Task requirements:
When you write out the listing, keep every character and omit the pictures.

Dataset content:
----

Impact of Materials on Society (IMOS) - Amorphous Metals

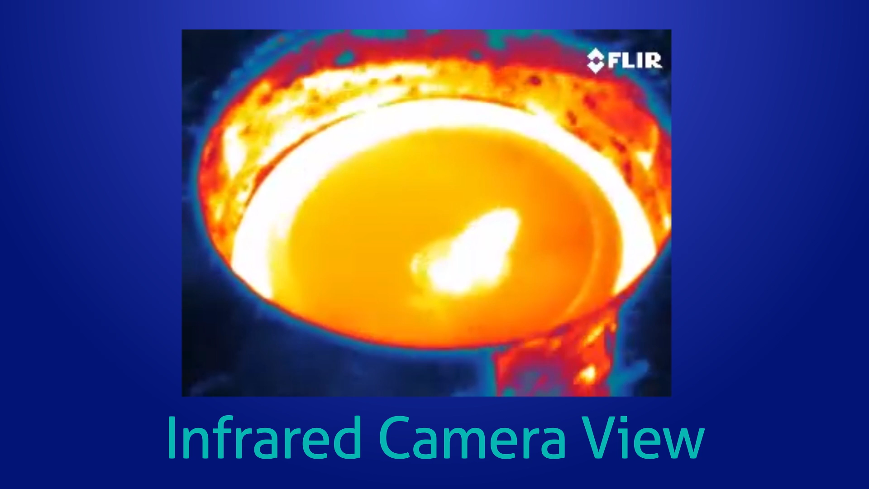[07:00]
with the arc melter. This is a FLIR infrared thermal camera and we are looking into the chamber through a vacuum-tight germanium window.
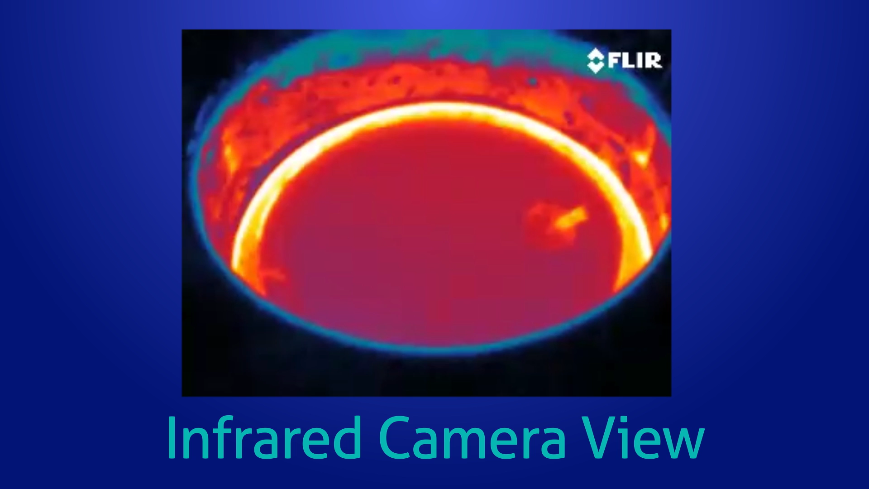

----

Solution to the exercise:
Impact of Materials on Society (IMOS) - Amorphous Metals

[07:00]
with the arc melter. This is a FLIR infrared thermal camera and we are looking into the chamber through a vacuum-tight germanium window.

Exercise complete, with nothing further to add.